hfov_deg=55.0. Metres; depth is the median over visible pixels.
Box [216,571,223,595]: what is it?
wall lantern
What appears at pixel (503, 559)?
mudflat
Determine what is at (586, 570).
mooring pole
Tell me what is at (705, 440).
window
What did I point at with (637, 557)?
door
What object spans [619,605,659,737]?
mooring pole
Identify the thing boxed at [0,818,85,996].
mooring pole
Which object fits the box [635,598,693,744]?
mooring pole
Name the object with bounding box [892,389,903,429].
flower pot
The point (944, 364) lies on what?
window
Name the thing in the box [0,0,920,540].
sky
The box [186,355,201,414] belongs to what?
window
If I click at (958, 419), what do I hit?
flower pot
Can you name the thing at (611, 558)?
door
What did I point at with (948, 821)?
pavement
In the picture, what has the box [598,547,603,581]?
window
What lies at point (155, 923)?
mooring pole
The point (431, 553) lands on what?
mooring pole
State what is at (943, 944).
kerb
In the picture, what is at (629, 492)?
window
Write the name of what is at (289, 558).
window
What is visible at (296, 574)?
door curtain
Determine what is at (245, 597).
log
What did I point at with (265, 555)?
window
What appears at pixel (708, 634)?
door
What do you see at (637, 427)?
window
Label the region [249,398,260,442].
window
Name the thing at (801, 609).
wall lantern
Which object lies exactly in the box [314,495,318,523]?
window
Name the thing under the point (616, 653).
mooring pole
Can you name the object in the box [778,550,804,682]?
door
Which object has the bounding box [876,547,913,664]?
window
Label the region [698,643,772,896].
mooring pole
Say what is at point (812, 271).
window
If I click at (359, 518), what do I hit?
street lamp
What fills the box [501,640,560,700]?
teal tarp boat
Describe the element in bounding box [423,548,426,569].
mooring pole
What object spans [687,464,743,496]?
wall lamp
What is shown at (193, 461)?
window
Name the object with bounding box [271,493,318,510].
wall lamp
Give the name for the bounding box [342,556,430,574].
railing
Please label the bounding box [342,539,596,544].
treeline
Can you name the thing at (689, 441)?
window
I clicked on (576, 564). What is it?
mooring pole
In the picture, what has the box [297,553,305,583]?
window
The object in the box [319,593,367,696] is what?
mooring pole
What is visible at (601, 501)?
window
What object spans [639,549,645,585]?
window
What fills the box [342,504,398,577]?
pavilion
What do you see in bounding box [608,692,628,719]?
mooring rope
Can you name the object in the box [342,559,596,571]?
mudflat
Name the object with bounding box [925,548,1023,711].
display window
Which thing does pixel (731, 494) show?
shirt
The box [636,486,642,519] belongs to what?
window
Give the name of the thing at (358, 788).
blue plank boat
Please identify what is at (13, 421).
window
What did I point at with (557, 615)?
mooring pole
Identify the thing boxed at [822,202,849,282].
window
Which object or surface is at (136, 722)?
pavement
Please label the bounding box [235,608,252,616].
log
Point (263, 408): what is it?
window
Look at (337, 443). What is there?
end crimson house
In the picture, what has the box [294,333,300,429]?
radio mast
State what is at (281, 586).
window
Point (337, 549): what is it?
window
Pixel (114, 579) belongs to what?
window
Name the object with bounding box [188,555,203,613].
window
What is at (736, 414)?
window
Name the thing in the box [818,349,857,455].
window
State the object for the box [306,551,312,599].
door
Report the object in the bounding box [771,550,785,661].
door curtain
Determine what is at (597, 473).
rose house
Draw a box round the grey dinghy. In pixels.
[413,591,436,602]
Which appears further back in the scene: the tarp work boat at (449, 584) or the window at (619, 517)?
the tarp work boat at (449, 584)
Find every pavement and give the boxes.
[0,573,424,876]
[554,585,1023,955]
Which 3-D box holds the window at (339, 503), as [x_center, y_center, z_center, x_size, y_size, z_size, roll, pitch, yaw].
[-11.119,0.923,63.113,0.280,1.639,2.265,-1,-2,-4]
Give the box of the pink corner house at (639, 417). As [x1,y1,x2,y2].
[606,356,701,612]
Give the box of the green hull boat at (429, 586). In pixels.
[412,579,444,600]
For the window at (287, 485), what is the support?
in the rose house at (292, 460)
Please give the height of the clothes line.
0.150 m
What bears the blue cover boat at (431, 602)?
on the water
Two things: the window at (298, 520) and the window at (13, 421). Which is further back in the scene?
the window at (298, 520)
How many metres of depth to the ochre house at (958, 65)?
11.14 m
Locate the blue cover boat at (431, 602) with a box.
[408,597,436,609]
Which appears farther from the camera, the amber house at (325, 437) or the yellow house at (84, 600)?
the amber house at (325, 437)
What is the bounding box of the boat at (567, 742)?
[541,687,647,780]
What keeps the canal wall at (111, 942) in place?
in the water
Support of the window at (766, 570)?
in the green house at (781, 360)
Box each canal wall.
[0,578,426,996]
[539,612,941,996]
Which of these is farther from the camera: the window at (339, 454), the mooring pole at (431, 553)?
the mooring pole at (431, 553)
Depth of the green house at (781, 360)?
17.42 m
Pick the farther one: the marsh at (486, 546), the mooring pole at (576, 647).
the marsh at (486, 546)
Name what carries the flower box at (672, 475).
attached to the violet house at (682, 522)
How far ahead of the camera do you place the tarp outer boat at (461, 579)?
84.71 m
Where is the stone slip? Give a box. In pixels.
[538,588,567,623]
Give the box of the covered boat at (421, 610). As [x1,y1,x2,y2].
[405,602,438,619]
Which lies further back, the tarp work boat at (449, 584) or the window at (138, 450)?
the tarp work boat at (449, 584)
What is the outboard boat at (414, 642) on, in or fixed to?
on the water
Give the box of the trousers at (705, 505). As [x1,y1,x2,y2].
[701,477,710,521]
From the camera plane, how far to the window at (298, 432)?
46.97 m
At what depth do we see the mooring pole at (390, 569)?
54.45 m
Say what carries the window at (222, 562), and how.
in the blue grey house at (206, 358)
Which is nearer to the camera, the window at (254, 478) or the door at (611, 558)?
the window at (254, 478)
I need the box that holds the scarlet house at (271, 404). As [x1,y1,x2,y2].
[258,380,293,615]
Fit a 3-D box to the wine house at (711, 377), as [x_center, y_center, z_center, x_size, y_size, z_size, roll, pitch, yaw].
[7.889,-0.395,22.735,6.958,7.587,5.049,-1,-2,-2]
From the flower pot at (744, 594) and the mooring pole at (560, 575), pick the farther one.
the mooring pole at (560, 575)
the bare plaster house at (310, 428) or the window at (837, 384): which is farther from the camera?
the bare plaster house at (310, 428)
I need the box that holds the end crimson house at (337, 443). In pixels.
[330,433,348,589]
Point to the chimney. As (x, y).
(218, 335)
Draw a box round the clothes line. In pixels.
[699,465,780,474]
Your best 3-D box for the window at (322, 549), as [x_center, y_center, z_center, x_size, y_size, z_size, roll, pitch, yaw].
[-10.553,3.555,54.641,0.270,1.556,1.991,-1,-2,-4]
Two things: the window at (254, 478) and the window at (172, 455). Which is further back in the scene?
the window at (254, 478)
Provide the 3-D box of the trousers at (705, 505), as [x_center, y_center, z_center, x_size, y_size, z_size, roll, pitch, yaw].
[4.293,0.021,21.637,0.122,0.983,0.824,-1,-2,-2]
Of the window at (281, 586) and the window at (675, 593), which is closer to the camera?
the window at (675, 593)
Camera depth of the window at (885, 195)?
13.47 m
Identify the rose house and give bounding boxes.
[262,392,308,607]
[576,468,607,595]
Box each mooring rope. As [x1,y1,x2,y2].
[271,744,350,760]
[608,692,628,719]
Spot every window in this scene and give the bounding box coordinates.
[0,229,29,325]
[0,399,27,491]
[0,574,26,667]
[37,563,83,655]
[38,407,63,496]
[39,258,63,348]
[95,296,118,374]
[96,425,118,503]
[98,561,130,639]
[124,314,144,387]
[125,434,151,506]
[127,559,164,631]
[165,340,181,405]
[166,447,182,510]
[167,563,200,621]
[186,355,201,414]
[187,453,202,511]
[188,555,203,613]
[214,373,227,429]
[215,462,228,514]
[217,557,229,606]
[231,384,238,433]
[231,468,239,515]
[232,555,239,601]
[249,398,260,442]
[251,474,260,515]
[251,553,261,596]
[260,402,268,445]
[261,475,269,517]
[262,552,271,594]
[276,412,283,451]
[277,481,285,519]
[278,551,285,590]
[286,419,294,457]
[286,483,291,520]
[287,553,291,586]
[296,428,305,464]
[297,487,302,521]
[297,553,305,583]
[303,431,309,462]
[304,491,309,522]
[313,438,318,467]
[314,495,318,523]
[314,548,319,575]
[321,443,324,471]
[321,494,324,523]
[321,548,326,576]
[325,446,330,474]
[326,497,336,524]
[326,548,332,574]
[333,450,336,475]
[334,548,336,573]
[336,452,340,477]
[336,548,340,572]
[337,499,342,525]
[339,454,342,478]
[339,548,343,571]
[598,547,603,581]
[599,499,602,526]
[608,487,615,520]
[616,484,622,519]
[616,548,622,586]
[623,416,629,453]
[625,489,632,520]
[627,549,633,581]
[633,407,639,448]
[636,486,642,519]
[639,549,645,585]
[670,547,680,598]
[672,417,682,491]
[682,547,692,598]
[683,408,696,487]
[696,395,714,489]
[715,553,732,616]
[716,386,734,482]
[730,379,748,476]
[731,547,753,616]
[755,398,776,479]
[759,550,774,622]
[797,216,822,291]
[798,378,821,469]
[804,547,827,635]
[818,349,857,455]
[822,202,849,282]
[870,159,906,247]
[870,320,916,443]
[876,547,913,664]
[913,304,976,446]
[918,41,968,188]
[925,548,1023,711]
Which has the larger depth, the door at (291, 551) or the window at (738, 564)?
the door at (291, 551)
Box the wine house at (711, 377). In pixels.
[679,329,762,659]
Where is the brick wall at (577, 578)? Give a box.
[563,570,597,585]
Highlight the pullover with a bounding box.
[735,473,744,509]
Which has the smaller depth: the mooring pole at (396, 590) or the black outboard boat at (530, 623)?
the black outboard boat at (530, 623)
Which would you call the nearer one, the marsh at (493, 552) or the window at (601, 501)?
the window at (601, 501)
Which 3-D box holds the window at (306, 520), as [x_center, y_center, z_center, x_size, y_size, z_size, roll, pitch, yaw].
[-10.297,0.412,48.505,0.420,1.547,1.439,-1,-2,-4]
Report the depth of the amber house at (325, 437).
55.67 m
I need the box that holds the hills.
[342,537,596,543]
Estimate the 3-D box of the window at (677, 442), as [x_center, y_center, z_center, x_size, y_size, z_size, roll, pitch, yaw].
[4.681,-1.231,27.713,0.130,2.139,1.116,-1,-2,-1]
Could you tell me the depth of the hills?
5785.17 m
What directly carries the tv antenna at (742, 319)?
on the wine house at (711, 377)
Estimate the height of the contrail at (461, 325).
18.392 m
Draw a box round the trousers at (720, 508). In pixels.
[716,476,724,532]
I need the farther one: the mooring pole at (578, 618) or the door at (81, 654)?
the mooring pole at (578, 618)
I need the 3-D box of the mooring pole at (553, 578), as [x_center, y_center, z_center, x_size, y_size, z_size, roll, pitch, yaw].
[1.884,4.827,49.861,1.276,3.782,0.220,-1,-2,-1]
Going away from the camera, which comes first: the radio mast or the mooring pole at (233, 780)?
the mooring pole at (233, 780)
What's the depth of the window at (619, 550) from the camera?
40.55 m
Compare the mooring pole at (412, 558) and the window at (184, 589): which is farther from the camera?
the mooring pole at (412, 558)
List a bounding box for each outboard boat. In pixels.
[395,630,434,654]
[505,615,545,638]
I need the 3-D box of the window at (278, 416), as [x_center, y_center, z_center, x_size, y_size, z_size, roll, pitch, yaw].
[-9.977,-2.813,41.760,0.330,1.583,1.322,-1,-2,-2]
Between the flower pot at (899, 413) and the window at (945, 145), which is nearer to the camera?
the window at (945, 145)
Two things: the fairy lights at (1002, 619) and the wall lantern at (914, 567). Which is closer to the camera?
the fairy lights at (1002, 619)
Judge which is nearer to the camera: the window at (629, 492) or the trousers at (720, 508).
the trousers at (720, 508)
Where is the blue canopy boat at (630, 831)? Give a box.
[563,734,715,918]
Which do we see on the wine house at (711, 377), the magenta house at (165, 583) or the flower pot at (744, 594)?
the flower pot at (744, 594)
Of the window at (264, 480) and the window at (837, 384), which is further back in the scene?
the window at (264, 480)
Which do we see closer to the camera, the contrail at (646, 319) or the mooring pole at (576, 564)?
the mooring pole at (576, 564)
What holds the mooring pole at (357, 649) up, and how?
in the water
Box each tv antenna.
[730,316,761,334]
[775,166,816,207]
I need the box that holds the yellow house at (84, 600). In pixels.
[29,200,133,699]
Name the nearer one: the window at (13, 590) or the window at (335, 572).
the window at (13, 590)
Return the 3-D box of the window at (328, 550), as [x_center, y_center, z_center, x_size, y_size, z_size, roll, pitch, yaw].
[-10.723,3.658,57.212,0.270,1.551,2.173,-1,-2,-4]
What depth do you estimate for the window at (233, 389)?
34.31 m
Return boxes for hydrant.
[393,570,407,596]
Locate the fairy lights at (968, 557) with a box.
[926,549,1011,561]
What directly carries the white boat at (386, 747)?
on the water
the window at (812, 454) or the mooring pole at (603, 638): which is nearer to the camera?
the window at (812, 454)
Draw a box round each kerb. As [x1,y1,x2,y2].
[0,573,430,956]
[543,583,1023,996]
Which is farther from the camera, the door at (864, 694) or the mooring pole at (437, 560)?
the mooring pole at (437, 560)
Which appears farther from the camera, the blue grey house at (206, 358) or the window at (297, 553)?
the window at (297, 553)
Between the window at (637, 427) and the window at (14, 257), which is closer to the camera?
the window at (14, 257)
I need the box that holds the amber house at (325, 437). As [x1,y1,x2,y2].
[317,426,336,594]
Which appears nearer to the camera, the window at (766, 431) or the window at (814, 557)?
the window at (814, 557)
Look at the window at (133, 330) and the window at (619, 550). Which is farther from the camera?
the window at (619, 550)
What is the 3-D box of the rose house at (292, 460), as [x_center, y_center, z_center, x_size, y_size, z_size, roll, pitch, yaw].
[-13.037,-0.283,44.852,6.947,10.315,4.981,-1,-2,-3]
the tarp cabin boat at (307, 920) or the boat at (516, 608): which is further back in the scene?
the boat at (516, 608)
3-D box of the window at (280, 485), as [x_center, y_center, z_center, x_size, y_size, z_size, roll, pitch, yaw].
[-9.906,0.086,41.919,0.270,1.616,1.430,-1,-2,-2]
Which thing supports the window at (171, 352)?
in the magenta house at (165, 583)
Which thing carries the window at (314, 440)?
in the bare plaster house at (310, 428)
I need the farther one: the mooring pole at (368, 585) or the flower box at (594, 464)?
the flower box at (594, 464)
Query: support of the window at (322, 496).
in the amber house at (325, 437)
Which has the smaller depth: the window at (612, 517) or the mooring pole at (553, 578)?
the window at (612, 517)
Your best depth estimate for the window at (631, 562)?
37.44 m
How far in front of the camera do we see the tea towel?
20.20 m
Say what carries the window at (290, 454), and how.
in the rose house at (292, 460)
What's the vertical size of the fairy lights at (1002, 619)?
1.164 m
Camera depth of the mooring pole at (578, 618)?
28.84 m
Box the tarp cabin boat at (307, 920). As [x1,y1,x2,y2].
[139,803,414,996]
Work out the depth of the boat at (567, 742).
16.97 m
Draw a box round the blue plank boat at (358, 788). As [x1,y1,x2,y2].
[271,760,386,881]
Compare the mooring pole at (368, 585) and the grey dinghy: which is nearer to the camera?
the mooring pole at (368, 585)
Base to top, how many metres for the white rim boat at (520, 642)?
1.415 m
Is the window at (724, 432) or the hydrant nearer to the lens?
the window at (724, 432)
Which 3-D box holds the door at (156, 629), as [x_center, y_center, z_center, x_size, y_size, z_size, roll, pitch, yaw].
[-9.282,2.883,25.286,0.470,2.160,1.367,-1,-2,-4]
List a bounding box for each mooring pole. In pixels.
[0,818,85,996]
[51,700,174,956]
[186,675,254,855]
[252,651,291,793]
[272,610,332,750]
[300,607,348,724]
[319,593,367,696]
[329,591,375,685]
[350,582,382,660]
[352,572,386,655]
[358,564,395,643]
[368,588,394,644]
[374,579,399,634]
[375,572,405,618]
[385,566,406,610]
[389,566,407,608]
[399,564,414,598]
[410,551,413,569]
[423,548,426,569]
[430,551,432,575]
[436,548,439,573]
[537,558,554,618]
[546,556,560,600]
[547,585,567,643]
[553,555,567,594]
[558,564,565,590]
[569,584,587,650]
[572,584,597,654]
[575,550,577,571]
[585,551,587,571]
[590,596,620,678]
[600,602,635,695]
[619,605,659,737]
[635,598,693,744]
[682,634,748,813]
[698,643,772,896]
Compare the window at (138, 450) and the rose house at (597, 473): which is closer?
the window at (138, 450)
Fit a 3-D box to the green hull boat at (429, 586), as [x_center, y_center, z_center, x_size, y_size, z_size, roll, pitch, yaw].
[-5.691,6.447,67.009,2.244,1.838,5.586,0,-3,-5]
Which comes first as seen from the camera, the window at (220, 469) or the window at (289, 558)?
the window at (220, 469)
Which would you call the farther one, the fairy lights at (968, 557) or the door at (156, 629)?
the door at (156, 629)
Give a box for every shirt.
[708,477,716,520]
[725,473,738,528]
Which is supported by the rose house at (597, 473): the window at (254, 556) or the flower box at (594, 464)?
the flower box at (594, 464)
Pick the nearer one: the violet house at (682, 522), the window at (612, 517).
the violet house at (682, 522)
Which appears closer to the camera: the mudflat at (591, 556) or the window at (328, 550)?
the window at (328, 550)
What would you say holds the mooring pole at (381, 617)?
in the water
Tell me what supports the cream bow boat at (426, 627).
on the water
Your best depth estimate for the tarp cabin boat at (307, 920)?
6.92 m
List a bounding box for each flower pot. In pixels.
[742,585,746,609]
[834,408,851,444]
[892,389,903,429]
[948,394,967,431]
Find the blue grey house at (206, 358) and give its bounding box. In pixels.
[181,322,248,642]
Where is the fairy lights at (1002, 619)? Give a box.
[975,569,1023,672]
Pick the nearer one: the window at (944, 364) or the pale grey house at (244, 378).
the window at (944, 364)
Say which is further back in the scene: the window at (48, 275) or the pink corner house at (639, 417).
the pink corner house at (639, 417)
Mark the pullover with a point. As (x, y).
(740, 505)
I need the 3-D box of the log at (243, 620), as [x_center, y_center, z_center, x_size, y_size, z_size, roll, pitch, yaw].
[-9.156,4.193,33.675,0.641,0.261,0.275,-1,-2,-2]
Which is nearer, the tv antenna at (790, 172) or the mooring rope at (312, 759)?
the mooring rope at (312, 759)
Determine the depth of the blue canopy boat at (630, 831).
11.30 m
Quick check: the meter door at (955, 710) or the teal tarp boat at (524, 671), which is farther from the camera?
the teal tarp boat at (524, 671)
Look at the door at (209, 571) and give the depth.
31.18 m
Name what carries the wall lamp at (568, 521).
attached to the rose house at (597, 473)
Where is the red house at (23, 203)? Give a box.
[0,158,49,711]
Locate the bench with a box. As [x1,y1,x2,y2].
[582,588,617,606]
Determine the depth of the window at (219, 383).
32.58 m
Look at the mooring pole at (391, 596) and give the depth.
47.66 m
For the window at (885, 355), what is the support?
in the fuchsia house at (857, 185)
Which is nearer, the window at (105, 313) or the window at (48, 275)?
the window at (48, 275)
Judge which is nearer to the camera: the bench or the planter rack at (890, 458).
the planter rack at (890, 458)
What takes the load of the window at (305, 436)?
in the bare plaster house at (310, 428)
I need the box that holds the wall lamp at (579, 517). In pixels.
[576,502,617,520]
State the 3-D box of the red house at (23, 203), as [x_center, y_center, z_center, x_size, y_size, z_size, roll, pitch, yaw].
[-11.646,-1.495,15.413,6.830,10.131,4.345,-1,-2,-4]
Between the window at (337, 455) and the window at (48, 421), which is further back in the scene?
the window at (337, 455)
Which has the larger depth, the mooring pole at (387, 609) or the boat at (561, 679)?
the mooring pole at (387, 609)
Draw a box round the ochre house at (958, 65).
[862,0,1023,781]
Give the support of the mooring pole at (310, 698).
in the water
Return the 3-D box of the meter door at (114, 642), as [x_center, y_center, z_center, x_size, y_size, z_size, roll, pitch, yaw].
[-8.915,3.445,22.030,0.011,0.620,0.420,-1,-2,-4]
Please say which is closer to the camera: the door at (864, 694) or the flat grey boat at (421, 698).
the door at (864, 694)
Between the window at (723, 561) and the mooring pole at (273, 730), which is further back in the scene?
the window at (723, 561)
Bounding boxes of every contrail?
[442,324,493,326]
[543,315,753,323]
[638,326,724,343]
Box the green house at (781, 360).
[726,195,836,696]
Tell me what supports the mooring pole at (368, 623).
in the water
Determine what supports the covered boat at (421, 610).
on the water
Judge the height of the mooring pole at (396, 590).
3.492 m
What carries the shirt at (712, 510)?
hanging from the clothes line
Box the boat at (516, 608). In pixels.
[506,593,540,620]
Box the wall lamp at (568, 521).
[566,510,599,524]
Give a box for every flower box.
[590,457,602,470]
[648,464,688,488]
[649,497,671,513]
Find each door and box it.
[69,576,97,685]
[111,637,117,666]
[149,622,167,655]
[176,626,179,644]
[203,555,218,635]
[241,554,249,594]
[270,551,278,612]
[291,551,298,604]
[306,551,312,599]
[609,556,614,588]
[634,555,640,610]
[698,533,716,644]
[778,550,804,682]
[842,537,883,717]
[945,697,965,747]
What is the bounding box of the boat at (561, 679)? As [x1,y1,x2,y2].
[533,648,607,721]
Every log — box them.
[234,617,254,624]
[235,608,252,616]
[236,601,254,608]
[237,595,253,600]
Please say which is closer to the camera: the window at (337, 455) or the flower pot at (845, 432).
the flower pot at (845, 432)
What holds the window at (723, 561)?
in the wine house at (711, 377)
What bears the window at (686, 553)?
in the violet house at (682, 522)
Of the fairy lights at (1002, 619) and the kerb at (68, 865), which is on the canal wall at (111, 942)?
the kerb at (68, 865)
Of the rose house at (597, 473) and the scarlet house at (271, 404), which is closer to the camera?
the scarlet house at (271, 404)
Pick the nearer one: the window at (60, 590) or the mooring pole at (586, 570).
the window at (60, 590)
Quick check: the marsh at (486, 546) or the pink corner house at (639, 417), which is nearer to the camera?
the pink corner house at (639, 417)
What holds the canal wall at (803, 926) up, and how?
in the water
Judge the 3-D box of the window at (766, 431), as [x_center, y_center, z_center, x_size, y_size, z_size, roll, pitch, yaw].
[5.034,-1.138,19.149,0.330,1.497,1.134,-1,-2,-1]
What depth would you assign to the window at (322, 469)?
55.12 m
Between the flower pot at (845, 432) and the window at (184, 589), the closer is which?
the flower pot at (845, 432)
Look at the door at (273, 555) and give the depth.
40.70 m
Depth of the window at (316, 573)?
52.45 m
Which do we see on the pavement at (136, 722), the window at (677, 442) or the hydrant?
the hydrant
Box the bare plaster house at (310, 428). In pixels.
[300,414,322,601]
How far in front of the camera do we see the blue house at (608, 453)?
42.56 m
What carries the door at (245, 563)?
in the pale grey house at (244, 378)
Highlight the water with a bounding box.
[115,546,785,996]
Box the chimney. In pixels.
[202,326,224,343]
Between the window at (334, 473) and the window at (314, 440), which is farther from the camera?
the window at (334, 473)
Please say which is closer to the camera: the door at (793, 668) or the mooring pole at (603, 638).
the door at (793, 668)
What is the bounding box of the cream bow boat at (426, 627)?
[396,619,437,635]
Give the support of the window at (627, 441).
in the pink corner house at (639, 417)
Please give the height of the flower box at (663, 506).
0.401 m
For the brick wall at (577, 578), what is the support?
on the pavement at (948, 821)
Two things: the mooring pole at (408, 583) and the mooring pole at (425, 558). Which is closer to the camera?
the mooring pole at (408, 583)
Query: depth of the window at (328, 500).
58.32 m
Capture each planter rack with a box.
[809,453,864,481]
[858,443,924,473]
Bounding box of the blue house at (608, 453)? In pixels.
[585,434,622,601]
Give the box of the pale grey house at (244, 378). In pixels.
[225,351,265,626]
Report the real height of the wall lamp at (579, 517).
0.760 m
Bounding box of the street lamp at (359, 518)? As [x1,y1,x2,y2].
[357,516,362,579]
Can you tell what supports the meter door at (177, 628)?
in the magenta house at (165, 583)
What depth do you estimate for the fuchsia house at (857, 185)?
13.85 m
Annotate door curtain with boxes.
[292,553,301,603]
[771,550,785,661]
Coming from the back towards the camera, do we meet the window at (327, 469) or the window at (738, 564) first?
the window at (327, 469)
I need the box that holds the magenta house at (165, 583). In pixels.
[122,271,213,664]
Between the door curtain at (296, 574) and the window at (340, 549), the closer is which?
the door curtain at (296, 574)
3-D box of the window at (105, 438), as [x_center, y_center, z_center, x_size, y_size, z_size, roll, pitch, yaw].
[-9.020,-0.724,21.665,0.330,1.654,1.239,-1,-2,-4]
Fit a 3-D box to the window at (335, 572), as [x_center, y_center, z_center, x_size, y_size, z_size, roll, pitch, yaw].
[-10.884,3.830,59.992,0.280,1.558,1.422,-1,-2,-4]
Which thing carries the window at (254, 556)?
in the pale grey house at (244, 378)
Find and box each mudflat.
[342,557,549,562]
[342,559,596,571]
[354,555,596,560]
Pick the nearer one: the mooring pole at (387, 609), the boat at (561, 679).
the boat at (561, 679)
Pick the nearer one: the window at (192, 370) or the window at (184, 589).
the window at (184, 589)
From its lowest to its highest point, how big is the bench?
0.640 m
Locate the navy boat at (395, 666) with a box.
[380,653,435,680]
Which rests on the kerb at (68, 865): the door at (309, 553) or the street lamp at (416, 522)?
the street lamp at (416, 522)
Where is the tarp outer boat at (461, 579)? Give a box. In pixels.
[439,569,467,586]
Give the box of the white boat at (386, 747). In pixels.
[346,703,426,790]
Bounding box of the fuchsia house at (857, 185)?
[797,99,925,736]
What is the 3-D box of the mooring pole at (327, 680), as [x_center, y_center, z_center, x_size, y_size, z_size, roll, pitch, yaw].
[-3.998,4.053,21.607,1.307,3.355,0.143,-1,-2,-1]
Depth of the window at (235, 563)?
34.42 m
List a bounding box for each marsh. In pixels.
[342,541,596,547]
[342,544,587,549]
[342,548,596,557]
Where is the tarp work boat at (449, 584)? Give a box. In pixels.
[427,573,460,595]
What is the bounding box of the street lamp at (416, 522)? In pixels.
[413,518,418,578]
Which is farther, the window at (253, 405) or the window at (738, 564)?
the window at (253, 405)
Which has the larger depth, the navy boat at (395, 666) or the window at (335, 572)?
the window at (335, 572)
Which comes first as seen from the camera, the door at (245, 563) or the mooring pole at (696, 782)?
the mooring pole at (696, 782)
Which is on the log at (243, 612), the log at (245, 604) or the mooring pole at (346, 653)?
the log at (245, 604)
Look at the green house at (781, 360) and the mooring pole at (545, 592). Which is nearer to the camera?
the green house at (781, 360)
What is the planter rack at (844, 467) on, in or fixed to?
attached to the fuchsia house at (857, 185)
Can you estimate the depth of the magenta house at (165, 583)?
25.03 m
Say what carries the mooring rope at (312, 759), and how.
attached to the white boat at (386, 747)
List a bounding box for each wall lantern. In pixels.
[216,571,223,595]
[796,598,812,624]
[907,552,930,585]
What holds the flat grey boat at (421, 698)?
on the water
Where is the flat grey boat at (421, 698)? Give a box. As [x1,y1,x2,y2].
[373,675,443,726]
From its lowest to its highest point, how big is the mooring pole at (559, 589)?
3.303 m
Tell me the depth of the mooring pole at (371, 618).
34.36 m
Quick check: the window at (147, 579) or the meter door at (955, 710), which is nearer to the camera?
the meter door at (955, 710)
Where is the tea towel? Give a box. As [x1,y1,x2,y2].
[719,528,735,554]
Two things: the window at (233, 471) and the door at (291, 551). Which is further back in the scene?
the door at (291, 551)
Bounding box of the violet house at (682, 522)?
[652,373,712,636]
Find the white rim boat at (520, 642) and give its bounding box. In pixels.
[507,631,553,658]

★ ★ ★ ★ ★

The lines you need run from the one containing "Bounding box of the violet" to the end of the listing. Output exactly those, both ends included.

Bounding box of the violet house at (682, 522)?
[652,373,712,636]
Find the white rim boat at (520, 642) and give its bounding box. In pixels.
[507,631,553,658]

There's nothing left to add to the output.